EXERCISE DETAILS:
Collect all lines from the records below that include the word "outdoors".
--- RECORDS ---
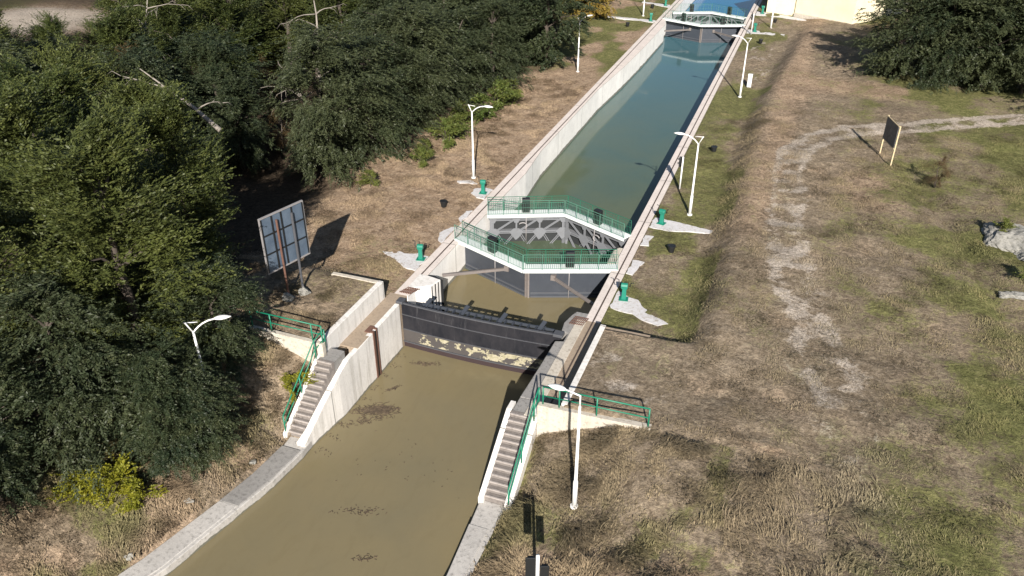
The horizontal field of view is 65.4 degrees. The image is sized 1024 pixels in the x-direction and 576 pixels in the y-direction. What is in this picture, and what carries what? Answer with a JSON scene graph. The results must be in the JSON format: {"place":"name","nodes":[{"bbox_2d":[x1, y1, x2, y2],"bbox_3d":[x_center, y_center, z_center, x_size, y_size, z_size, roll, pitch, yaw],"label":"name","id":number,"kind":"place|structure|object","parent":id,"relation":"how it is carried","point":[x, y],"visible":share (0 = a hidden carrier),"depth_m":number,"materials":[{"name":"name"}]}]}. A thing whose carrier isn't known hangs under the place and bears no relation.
{"place":"outdoors","nodes":[
{"label":"outdoors","id":0,"kind":"place"},
{"bbox_2d":[0,334,310,575],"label":"tall grass","id":1,"kind":"structure","parent":0,"point":[147,537],"depth_m":28.24,"materials":[{"name":"beige plant"}]},
{"bbox_2d":[108,69,232,131],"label":"dead tree","id":2,"kind":"object","parent":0,"point":[207,119],"visible":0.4,"depth_m":41.98,"materials":[{"name":"grey wood"}]},
{"bbox_2d":[205,261,374,334],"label":"short grass","id":3,"kind":"structure","parent":0,"point":[318,319],"depth_m":35.74,"materials":[{"name":"brown plant"}]},
{"bbox_2d":[168,346,533,575],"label":"river water","id":4,"kind":"structure","parent":0,"point":[449,417],"depth_m":30.89,"materials":[{"name":"brown liquid"}]},
{"bbox_2d":[349,402,400,417],"bbox_3d":[-5.990,5.330,34.972,2.382,0.020,1.124,2,31,3],"label":"floating debris","id":5,"kind":"object","parent":4,"relation":"on","point":[377,410],"visible":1,"depth_m":34.91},
{"bbox_2d":[383,251,427,270],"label":"pavement","id":6,"kind":"structure","parent":0,"point":[409,260],"depth_m":41.47,"materials":[{"name":"white concrete"}]},
{"bbox_2d":[0,0,1023,575],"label":"ground","id":7,"kind":"structure","parent":0,"point":[810,66],"depth_m":36.79,"materials":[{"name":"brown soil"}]},
{"bbox_2d":[0,9,50,73],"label":"tree","id":8,"kind":"object","parent":7,"relation":"on","point":[16,50],"visible":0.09,"depth_m":47.70,"materials":[{"name":"green plant"}]},
{"bbox_2d":[0,350,71,536],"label":"tree","id":9,"kind":"object","parent":7,"relation":"on","point":[7,459],"visible":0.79,"depth_m":25.29,"materials":[{"name":"green plant"}]},
{"bbox_2d":[0,199,77,430],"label":"tree","id":10,"kind":"object","parent":7,"relation":"on","point":[3,254],"visible":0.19,"depth_m":27.45,"materials":[{"name":"green plant"}]},
{"bbox_2d":[0,32,102,216],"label":"tree","id":11,"kind":"object","parent":7,"relation":"on","point":[3,45],"visible":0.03,"depth_m":42.03,"materials":[{"name":"green plant"}]},
{"bbox_2d":[10,30,96,115],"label":"tree","id":12,"kind":"object","parent":7,"relation":"on","point":[54,41],"visible":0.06,"depth_m":52.01,"materials":[{"name":"green plant"}]},
{"bbox_2d":[19,9,91,71],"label":"tree","id":13,"kind":"object","parent":7,"relation":"on","point":[49,25],"visible":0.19,"depth_m":57.14,"materials":[{"name":"green plant"}]},
{"bbox_2d":[0,72,133,347],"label":"tree","id":14,"kind":"object","parent":7,"relation":"on","point":[16,110],"visible":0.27,"depth_m":29.58,"materials":[{"name":"green plant"}]},
{"bbox_2d":[0,49,133,282],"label":"tree","id":15,"kind":"object","parent":7,"relation":"on","point":[70,81],"visible":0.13,"depth_m":35.88,"materials":[{"name":"green plant"}]},
{"bbox_2d":[0,68,138,294],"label":"tree","id":16,"kind":"object","parent":7,"relation":"on","point":[52,120],"visible":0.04,"depth_m":34.07,"materials":[{"name":"green plant"}]},
{"bbox_2d":[44,457,104,507],"bbox_3d":[-14.786,6.951,27.465,1.974,1.602,2.015,13,33,20],"label":"shrub","id":17,"kind":"object","parent":7,"relation":"on","point":[80,483],"visible":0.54,"depth_m":27.22,"materials":[{"name":"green plant"}]},
{"bbox_2d":[5,29,147,214],"bbox_3d":[-23.708,-7.980,42.595,8.618,10.835,7.395,6,31,10],"label":"tree","id":18,"kind":"object","parent":7,"relation":"on","point":[56,53],"visible":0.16,"depth_m":41.08,"materials":[{"name":"green plant"}]},
{"bbox_2d":[0,263,184,511],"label":"tree","id":19,"kind":"object","parent":7,"relation":"on","point":[43,303],"visible":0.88,"depth_m":26.42,"materials":[{"name":"green plant"}]},
{"bbox_2d":[69,18,118,92],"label":"tree","id":20,"kind":"object","parent":7,"relation":"on","point":[89,39],"visible":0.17,"depth_m":61.90,"materials":[{"name":"green plant"}]},
{"bbox_2d":[65,447,146,510],"bbox_3d":[-13.949,6.904,27.893,2.468,2.002,2.518,4,31,7],"label":"shrub","id":21,"kind":"object","parent":7,"relation":"on","point":[111,475],"visible":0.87,"depth_m":27.79,"materials":[{"name":"green plant"}]},
{"bbox_2d":[0,87,250,385],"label":"tree","id":22,"kind":"object","parent":7,"relation":"on","point":[105,180],"visible":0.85,"depth_m":27.92,"materials":[{"name":"green plant"}]},
{"bbox_2d":[90,0,166,42],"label":"tree","id":23,"kind":"object","parent":7,"relation":"on","point":[110,3],"visible":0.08,"depth_m":70.32,"materials":[{"name":"green plant"}]},
{"bbox_2d":[74,0,187,104],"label":"tree","id":24,"kind":"object","parent":7,"relation":"on","point":[118,31],"visible":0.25,"depth_m":50.47,"materials":[{"name":"green plant"}]},
{"bbox_2d":[85,0,176,60],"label":"tree","id":25,"kind":"object","parent":7,"relation":"on","point":[106,7],"visible":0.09,"depth_m":66.42,"materials":[{"name":"green plant"}]},
{"bbox_2d":[106,465,169,515],"bbox_3d":[-13.462,7.372,28.256,1.847,1.468,1.810,15,34,23],"label":"shrub","id":26,"kind":"object","parent":7,"relation":"on","point":[135,506],"visible":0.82,"depth_m":28.00,"materials":[{"name":"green plant"}]},
{"bbox_2d":[83,27,215,182],"bbox_3d":[-22.646,-10.509,49.320,8.528,9.842,9.452,10,32,16],"label":"tree","id":27,"kind":"object","parent":7,"relation":"on","point":[135,57],"visible":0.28,"depth_m":47.13,"materials":[{"name":"green plant"}]},
{"bbox_2d":[78,320,238,490],"bbox_3d":[-12.622,4.384,28.919,5.117,5.905,5.671,25,39,35],"label":"tree","id":28,"kind":"object","parent":7,"relation":"on","point":[149,375],"visible":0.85,"depth_m":27.81,"materials":[{"name":"green plant"}]},
{"bbox_2d":[96,61,233,266],"bbox_3d":[-16.924,-5.257,38.012,5.906,10.554,5.276,23,38,33],"label":"tree","id":29,"kind":"object","parent":7,"relation":"on","point":[142,93],"visible":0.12,"depth_m":36.37,"materials":[{"name":"green plant"}]},
{"bbox_2d":[123,0,235,120],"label":"tree","id":30,"kind":"object","parent":7,"relation":"on","point":[169,14],"visible":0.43,"depth_m":57.37,"materials":[{"name":"green plant"}]},
{"bbox_2d":[110,79,251,312],"bbox_3d":[-13.888,-3.624,33.456,6.046,10.805,5.402,1,31,2],"label":"tree","id":31,"kind":"object","parent":7,"relation":"on","point":[165,123],"visible":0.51,"depth_m":32.00,"materials":[{"name":"green plant"}]},
{"bbox_2d":[115,333,252,483],"bbox_3d":[-11.935,4.651,29.626,4.520,5.216,5.010,5,31,8],"label":"tree","id":32,"kind":"object","parent":7,"relation":"on","point":[210,405],"visible":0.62,"depth_m":28.74,"materials":[{"name":"green plant"}]},
{"bbox_2d":[133,245,278,386],"bbox_3d":[-12.174,1.371,31.637,5.287,6.102,5.860,-19,35,-28],"label":"tree","id":33,"kind":"object","parent":7,"relation":"on","point":[233,292],"visible":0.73,"depth_m":30.84,"materials":[{"name":"green plant"}]},
{"bbox_2d":[184,315,230,409],"bbox_3d":[-11.046,3.155,30.086,1.664,4.859,0.285,-7,32,-12],"label":"street lamp","id":34,"kind":"object","parent":7,"relation":"on","point":[220,317],"visible":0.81,"depth_m":28.93,"materials":[{"name":"white metal"}]},
{"bbox_2d":[170,0,257,66],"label":"tree","id":35,"kind":"object","parent":7,"relation":"on","point":[203,4],"visible":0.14,"depth_m":67.91,"materials":[{"name":"green plant"}]},
{"bbox_2d":[118,436,311,575],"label":"quay wall","id":36,"kind":"structure","parent":7,"relation":"on","point":[174,552],"depth_m":29.29,"materials":[{"name":"concrete"}]},
{"bbox_2d":[155,23,280,152],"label":"tree","id":37,"kind":"object","parent":7,"relation":"on","point":[214,58],"visible":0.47,"depth_m":51.83,"materials":[{"name":"green plant"}]},
{"bbox_2d":[185,70,282,179],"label":"tree","id":38,"kind":"object","parent":7,"relation":"on","point":[227,92],"visible":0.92,"depth_m":49.88,"materials":[{"name":"green plant"}]},
{"bbox_2d":[191,0,278,93],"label":"tree","id":39,"kind":"object","parent":7,"relation":"on","point":[225,9],"visible":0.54,"depth_m":62.78,"materials":[{"name":"green plant"}]},
{"bbox_2d":[203,0,306,70],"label":"tree","id":40,"kind":"object","parent":7,"relation":"on","point":[260,3],"visible":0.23,"depth_m":71.49,"materials":[{"name":"green plant"}]},
{"bbox_2d":[236,54,284,111],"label":"tree","id":41,"kind":"object","parent":7,"relation":"on","point":[266,74],"visible":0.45,"depth_m":60.91,"materials":[{"name":"green plant"}]},
{"bbox_2d":[240,0,315,77],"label":"tree","id":42,"kind":"object","parent":7,"relation":"on","point":[283,15],"visible":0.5,"depth_m":67.75,"materials":[{"name":"green plant"}]},
{"bbox_2d":[262,106,298,151],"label":"tree","id":43,"kind":"object","parent":7,"relation":"on","point":[273,117],"visible":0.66,"depth_m":54.08,"materials":[{"name":"green plant"}]},
{"bbox_2d":[257,200,309,292],"bbox_3d":[-10.082,-1.569,35.948,0.210,4.310,2.450,20,36,30],"label":"billboard","id":44,"kind":"object","parent":7,"relation":"on","point":[284,237],"visible":0.94,"depth_m":35.54,"materials":[{"name":"grey metal"}]},
{"bbox_2d":[258,0,335,56],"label":"tree","id":45,"kind":"object","parent":7,"relation":"on","point":[316,4],"visible":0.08,"depth_m":71.32,"materials":[{"name":"green plant"}]},
{"bbox_2d":[279,368,320,403],"bbox_3d":[-8.985,3.941,33.340,1.810,1.468,1.847,26,39,36],"label":"shrub","id":46,"kind":"object","parent":7,"relation":"on","point":[289,380],"visible":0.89,"depth_m":33.02,"materials":[{"name":"green plant"}]},
{"bbox_2d":[283,348,344,437],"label":"staircase","id":47,"kind":"structure","parent":7,"relation":"on","point":[325,367],"depth_m":33.14,"materials":[{"name":"concrete"}]},
{"bbox_2d":[282,329,326,431],"bbox_3d":[-8.649,3.858,33.118,0.168,3.605,2.911,17,35,26],"label":"handrail","id":48,"kind":"object","parent":47,"relation":"on","point":[298,378],"visible":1,"depth_m":32.93,"materials":[{"name":"green metal"}]},
{"bbox_2d":[249,272,384,363],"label":"retaining wall","id":49,"kind":"structure","parent":7,"relation":"on","point":[356,314],"depth_m":34.64,"materials":[{"name":"concrete"}]},
{"bbox_2d":[249,309,323,342],"bbox_3d":[-9.567,1.643,33.734,3.564,0.980,0.064,11,32,17],"label":"handrail","id":50,"kind":"object","parent":49,"relation":"on","point":[311,332],"visible":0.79,"depth_m":33.50,"materials":[{"name":"green metal"}]},
{"bbox_2d":[294,0,376,75],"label":"tree","id":51,"kind":"object","parent":7,"relation":"on","point":[349,7],"visible":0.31,"depth_m":64.56,"materials":[{"name":"green plant"}]},
{"bbox_2d":[261,14,419,194],"bbox_3d":[-11.064,-11.639,49.960,9.748,10.823,10.960,-20,36,-30],"label":"tree","id":52,"kind":"object","parent":7,"relation":"on","point":[305,151],"visible":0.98,"depth_m":47.84,"materials":[{"name":"green plant"}]},
{"bbox_2d":[351,168,380,186],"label":"shrub","id":53,"kind":"object","parent":7,"relation":"on","point":[368,178],"visible":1,"depth_m":49.35,"materials":[{"name":"green plant"}]},
{"bbox_2d":[318,31,435,164],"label":"tree","id":54,"kind":"object","parent":7,"relation":"on","point":[393,133],"visible":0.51,"depth_m":52.12,"materials":[{"name":"green plant"}]},
{"bbox_2d":[320,5,445,136],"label":"tree","id":55,"kind":"object","parent":7,"relation":"on","point":[385,31],"visible":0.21,"depth_m":55.55,"materials":[{"name":"green plant"}]},
{"bbox_2d":[343,0,465,101],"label":"tree","id":56,"kind":"object","parent":7,"relation":"on","point":[360,12],"visible":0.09,"depth_m":59.38,"materials":[{"name":"green plant"}]},
{"bbox_2d":[236,74,588,285],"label":"short grass","id":57,"kind":"structure","parent":7,"relation":"on","point":[388,263],"depth_m":49.04,"materials":[{"name":"beige plant"}]},
{"bbox_2d":[350,0,489,142],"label":"tree","id":58,"kind":"object","parent":7,"relation":"on","point":[415,16],"visible":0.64,"depth_m":54.79,"materials":[{"name":"green plant"}]},
{"bbox_2d":[407,144,437,168],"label":"shrub","id":59,"kind":"object","parent":7,"relation":"on","point":[422,153],"visible":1,"depth_m":52.43,"materials":[{"name":"green plant"}]},
{"bbox_2d":[380,0,510,82],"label":"tree","id":60,"kind":"object","parent":7,"relation":"on","point":[449,5],"visible":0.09,"depth_m":64.19,"materials":[{"name":"green plant"}]},
{"bbox_2d":[424,114,467,151],"bbox_3d":[-4.652,-10.927,55.773,2.659,2.520,3.335,-25,39,-35],"label":"shrub","id":61,"kind":"object","parent":7,"relation":"on","point":[447,130],"visible":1,"depth_m":54.97,"materials":[{"name":"green plant"}]},
{"bbox_2d":[447,112,478,142],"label":"shrub","id":62,"kind":"object","parent":7,"relation":"on","point":[456,117],"visible":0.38,"depth_m":56.73,"materials":[{"name":"green plant"}]},
{"bbox_2d":[416,2,518,108],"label":"tree","id":63,"kind":"object","parent":7,"relation":"on","point":[472,60],"visible":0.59,"depth_m":60.34,"materials":[{"name":"green plant"}]},
{"bbox_2d":[446,501,504,575],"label":"quay wall","id":64,"kind":"structure","parent":7,"relation":"on","point":[479,532],"depth_m":28.25,"materials":[{"name":"concrete"}]},
{"bbox_2d":[459,92,500,125],"bbox_3d":[-2.716,-13.227,59.618,2.890,2.739,3.625,14,34,22],"label":"shrub","id":65,"kind":"object","parent":7,"relation":"on","point":[480,98],"visible":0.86,"depth_m":59.56,"materials":[{"name":"green plant"}]},
{"bbox_2d":[468,104,492,178],"bbox_3d":[-1.916,-9.014,49.457,1.664,4.859,0.285,11,32,17],"label":"street lamp","id":66,"kind":"object","parent":7,"relation":"on","point":[473,162],"visible":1,"depth_m":49.62,"materials":[{"name":"white metal"}]},
{"bbox_2d":[438,0,536,73],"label":"tree","id":67,"kind":"object","parent":7,"relation":"on","point":[521,16],"visible":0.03,"depth_m":69.72,"materials":[{"name":"green plant"}]},
{"bbox_2d":[297,0,694,446],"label":"canal wall","id":68,"kind":"structure","parent":7,"relation":"on","point":[373,342],"depth_m":42.01,"materials":[{"name":"concrete"}]},
{"bbox_2d":[396,297,564,374],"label":"flood gate","id":69,"kind":"structure","parent":68,"relation":"attached to","point":[498,344],"depth_m":37.19,"materials":[{"name":"metal"}]},
{"bbox_2d":[442,221,527,297],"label":"lock gate","id":70,"kind":"structure","parent":68,"relation":"attached to","point":[489,261],"depth_m":42.33,"materials":[{"name":"grey metal"}]},
{"bbox_2d":[485,195,569,243],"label":"lock gate","id":71,"kind":"structure","parent":68,"relation":"attached to","point":[525,223],"depth_m":46.67,"materials":[{"name":"grey metal"}]},
{"bbox_2d":[663,10,702,42],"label":"lock gate","id":72,"kind":"structure","parent":68,"relation":"attached to","point":[683,28],"depth_m":89.25,"materials":[{"name":"grey metal"}]},
{"bbox_2d":[672,3,712,23],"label":"lock gate","id":73,"kind":"structure","parent":68,"relation":"attached to","point":[706,15],"depth_m":93.29,"materials":[{"name":"white metal"}]},
{"bbox_2d":[455,0,538,95],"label":"tree","id":74,"kind":"object","parent":7,"relation":"on","point":[487,17],"visible":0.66,"depth_m":64.57,"materials":[{"name":"green plant"}]},
{"bbox_2d":[488,76,520,109],"bbox_3d":[-0.671,-15.081,62.370,3.006,2.849,3.770,-2,31,-3],"label":"shrub","id":75,"kind":"object","parent":7,"relation":"on","point":[499,92],"visible":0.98,"depth_m":61.41,"materials":[{"name":"green plant"}]},
{"bbox_2d":[478,398,536,515],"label":"staircase","id":76,"kind":"structure","parent":7,"relation":"on","point":[497,478],"depth_m":30.23,"materials":[{"name":"concrete"}]},
{"bbox_2d":[508,387,539,504],"bbox_3d":[0.393,5.920,29.672,0.178,3.595,2.938,13,33,20],"label":"handrail","id":77,"kind":"object","parent":76,"relation":"attached to","point":[533,407],"visible":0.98,"depth_m":29.73,"materials":[{"name":"green metal"}]},
{"bbox_2d":[480,0,539,50],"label":"tree","id":78,"kind":"object","parent":7,"relation":"on","point":[507,22],"visible":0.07,"depth_m":72.34,"materials":[{"name":"green plant"}]},
{"bbox_2d":[525,554,548,575],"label":"signal post","id":79,"kind":"object","parent":7,"relation":"on","point":[530,566],"visible":1,"depth_m":23.26,"materials":[{"name":"metal"}]},
{"bbox_2d":[499,0,601,72],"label":"tree","id":80,"kind":"object","parent":7,"relation":"on","point":[549,54],"visible":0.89,"depth_m":70.04,"materials":[{"name":"green plant"}]},
{"bbox_2d":[548,384,580,509],"bbox_3d":[1.715,5.304,26.419,1.253,5.029,0.285,12,33,20],"label":"street lamp","id":81,"kind":"object","parent":7,"relation":"on","point":[558,387],"visible":1,"depth_m":26.14,"materials":[{"name":"white metal"}]},
{"bbox_2d":[537,324,651,436],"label":"retaining wall","id":82,"kind":"structure","parent":7,"relation":"on","point":[552,418],"depth_m":30.01,"materials":[{"name":"concrete"}]},
{"bbox_2d":[542,386,650,426],"bbox_3d":[3.042,4.378,29.275,4.084,1.090,0.064,11,33,18],"label":"handrail","id":83,"kind":"object","parent":82,"relation":"on","point":[596,406],"visible":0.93,"depth_m":29.12,"materials":[{"name":"green metal"}]},
{"bbox_2d":[576,0,617,19],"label":"tree","id":84,"kind":"object","parent":7,"relation":"on","point":[604,9],"visible":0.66,"depth_m":88.49,"materials":[{"name":"yellow plant"}]},
{"bbox_2d":[520,0,761,418],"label":"canal wall","id":85,"kind":"structure","parent":7,"relation":"on","point":[562,360],"depth_m":37.81,"materials":[{"name":"concrete"}]},
{"bbox_2d":[523,249,618,305],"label":"lock gate","id":86,"kind":"structure","parent":85,"relation":"attached to","point":[569,278],"depth_m":41.42,"materials":[{"name":"grey metal"}]},
{"bbox_2d":[561,196,631,259],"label":"lock gate","id":87,"kind":"structure","parent":85,"relation":"attached to","point":[587,232],"depth_m":45.39,"materials":[{"name":"grey metal"}]},
{"bbox_2d":[700,16,745,42],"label":"lock gate","id":88,"kind":"structure","parent":85,"relation":"attached to","point":[722,32],"depth_m":88.18,"materials":[{"name":"grey metal"}]},
{"bbox_2d":[710,3,747,23],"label":"lock gate","id":89,"kind":"structure","parent":85,"relation":"attached to","point":[717,15],"depth_m":91.81,"materials":[{"name":"white metal"}]},
{"bbox_2d":[674,132,703,215],"bbox_3d":[9.746,-6.418,45.064,1.664,4.859,0.285,11,32,17],"label":"street lamp","id":90,"kind":"object","parent":7,"relation":"on","point":[689,213],"visible":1,"depth_m":44.81,"materials":[{"name":"white metal"}]},
{"bbox_2d":[616,106,774,342],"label":"short grass","id":91,"kind":"structure","parent":7,"relation":"on","point":[712,223],"depth_m":45.14,"materials":[{"name":"green plant"}]},
{"bbox_2d":[467,423,964,575],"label":"tall grass","id":92,"kind":"structure","parent":7,"relation":"on","point":[507,557],"depth_m":26.34,"materials":[{"name":"beige plant"}]},
{"bbox_2d":[766,0,907,23],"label":"building","id":93,"kind":"structure","parent":7,"relation":"on","point":[844,11],"depth_m":87.94,"materials":[{"name":"concrete"}]},
{"bbox_2d":[879,115,900,164],"bbox_3d":[23.847,-9.256,50.408,0.130,2.760,2.182,2,31,3],"label":"notice board","id":94,"kind":"object","parent":7,"relation":"on","point":[891,131],"visible":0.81,"depth_m":49.95,"materials":[{"name":"wood"}]},
{"bbox_2d":[845,0,962,83],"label":"tree","id":95,"kind":"object","parent":7,"relation":"on","point":[898,67],"visible":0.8,"depth_m":64.31,"materials":[{"name":"green plant"}]},
{"bbox_2d":[877,0,995,74],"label":"tree","id":96,"kind":"object","parent":7,"relation":"on","point":[922,31],"visible":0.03,"depth_m":67.88,"materials":[{"name":"green plant"}]},
{"bbox_2d":[920,154,954,187],"bbox_3d":[25.036,-6.997,47.390,2.386,2.182,1.917,23,38,33],"label":"shrub","id":97,"kind":"object","parent":7,"relation":"on","point":[937,177],"visible":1,"depth_m":47.12,"materials":[{"name":"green plant"}]},
{"bbox_2d":[882,0,1023,94],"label":"tree","id":98,"kind":"object","parent":7,"relation":"on","point":[941,58],"visible":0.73,"depth_m":62.39,"materials":[{"name":"green plant"}]},
{"bbox_2d":[912,0,1023,77],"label":"tree","id":99,"kind":"object","parent":7,"relation":"on","point":[980,29],"visible":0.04,"depth_m":66.38,"materials":[{"name":"green plant"}]},
{"bbox_2d":[928,0,1023,93],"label":"tree","id":100,"kind":"object","parent":7,"relation":"on","point":[1005,30],"visible":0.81,"depth_m":61.15,"materials":[{"name":"green plant"}]},
{"bbox_2d":[971,0,1023,93],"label":"tree","id":101,"kind":"object","parent":7,"relation":"on","point":[1020,65],"visible":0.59,"depth_m":62.30,"materials":[{"name":"green plant"}]},
{"bbox_2d":[981,222,1023,252],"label":"boulder","id":102,"kind":"object","parent":7,"relation":"on","point":[1011,240],"visible":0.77,"depth_m":40.79,"materials":[{"name":"stone"}]},
{"bbox_2d":[992,216,1018,231],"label":"shrub","id":103,"kind":"object","parent":102,"relation":"on","point":[1005,224],"visible":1,"depth_m":41.15,"materials":[{"name":"green plant"}]},
{"bbox_2d":[998,291,1023,299],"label":"boulder","id":104,"kind":"object","parent":7,"relation":"on","point":[1012,294],"visible":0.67,"depth_m":36.81,"materials":[{"name":"stone"}]},
{"bbox_2d":[444,269,596,331],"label":"basin water","id":105,"kind":"structure","parent":0,"point":[477,293],"depth_m":41.59,"materials":[{"name":"beige liquid"}]},
{"bbox_2d":[464,36,732,278],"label":"chamber water","id":106,"kind":"structure","parent":0,"point":[616,155],"depth_m":61.54,"materials":[{"name":"teal liquid"}]},
{"bbox_2d":[610,291,667,325],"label":"pavement","id":107,"kind":"structure","parent":0,"point":[634,307],"depth_m":37.29,"materials":[{"name":"white concrete"}]},
{"bbox_2d":[649,218,711,233],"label":"pavement","id":108,"kind":"structure","parent":0,"point":[671,226],"depth_m":44.66,"materials":[{"name":"white concrete"}]},
{"bbox_2d":[686,0,755,18],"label":"water","id":109,"kind":"structure","parent":0,"point":[745,5],"depth_m":105.44,"materials":[{"name":"blue liquid"}]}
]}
---
WRITTEN RESPONSE:
{"place":"outdoors","nodes":[
{"label":"outdoors","id":0,"kind":"place"},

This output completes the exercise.